An art bureaucracy was created, offering stipends and sinecures to artists who registered with the Mexican School, and labelled the ‘prickly-pear curtain’ by those who did not. There were guaranteed opportunities to paint murals of workers and peasants achieving everything that they were denied in reality, while a slavish press applauded the primitivism it had found so offensive in Rivera’s early work.

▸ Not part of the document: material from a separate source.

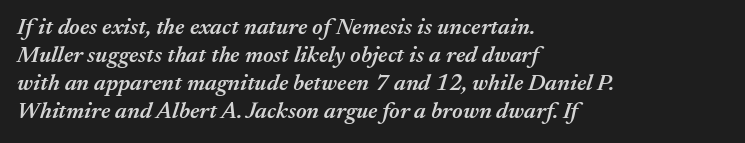
{"italic": "yes", "lean": "right", "slant_degrees": 17, "bold": "semi", "underline": "no", "align": "left", "line_spacing_ratio": 1.22, "letter_spacing": "normal", "letter_spacing_em": 0.0, "glyph_px": 23}
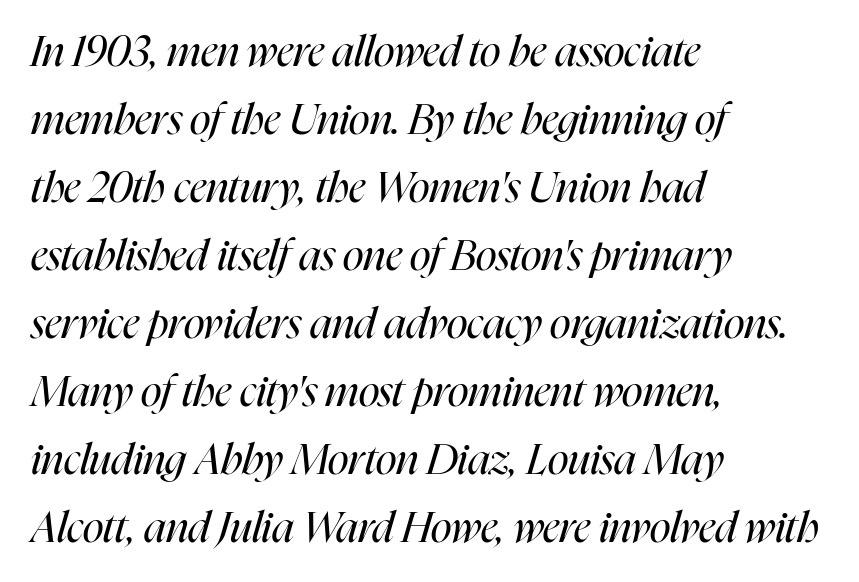
{"italic": "yes", "lean": "right", "slant_degrees": 16, "bold": "no", "weight": "regular", "width": "condensed", "stroke_contrast": "high", "x_height": "medium", "monospaced": "no", "underline": "no", "align": "left", "line_spacing": "normal", "line_spacing_ratio": 1.58, "letter_spacing": "normal", "letter_spacing_em": 0.0, "glyph_px": 43}

Art students of the 1940s and 1950s were indoctrinated in a single technique that was scathingly satirised by members of the Ruptura generation of writers and artists who finally broke the nationalist stranglehold in the late 1950s, when the influence of refugee Europeans and Abstract Expressionism, the growth of the art market, and the rising impatience with authoritarian, hypocritical definitions of the ‘revolutionary’ in art could no longer be resisted. José Luis Cuevas, the unruliest member of this refreshingly disparate group, summed up their training as follows: we were ‘shown how to do simplified figures with big fat arms and legs ... coarsely foreshortened, so that certain intellectuals would call them “powerful” ’.
That is a painfully good description, especially of the easel paintings, which Rivera lived off during the long periods without mural commissions. In 1933, after the failed gamble on a North American future, he took a knife to one of his folksier cactus pictures, crying: ‘I don’t want to go back to that.’ But he did, quite profitably. And here’s another interesting question. He mostly sold those easel works to North American collectors, making him one of the first painters to be caught in a double-bind that still arouses acrimony and soul-searching in Mexican art circles. Which is the more ‘colonised’ option: to produce the Mexican-looking images that remain so popular with nostalgic Northerners, or to abandon the national heritage altogether and measure up to the big league defined largely by New York? Marnham doesn’t tackle these issues. Post-1989 flippancy and cultural culichés (‘Fiesta!’) decorate a narrow focus on ‘the life’, a fascinating one for sure: but we are left none the wiser as to its significance.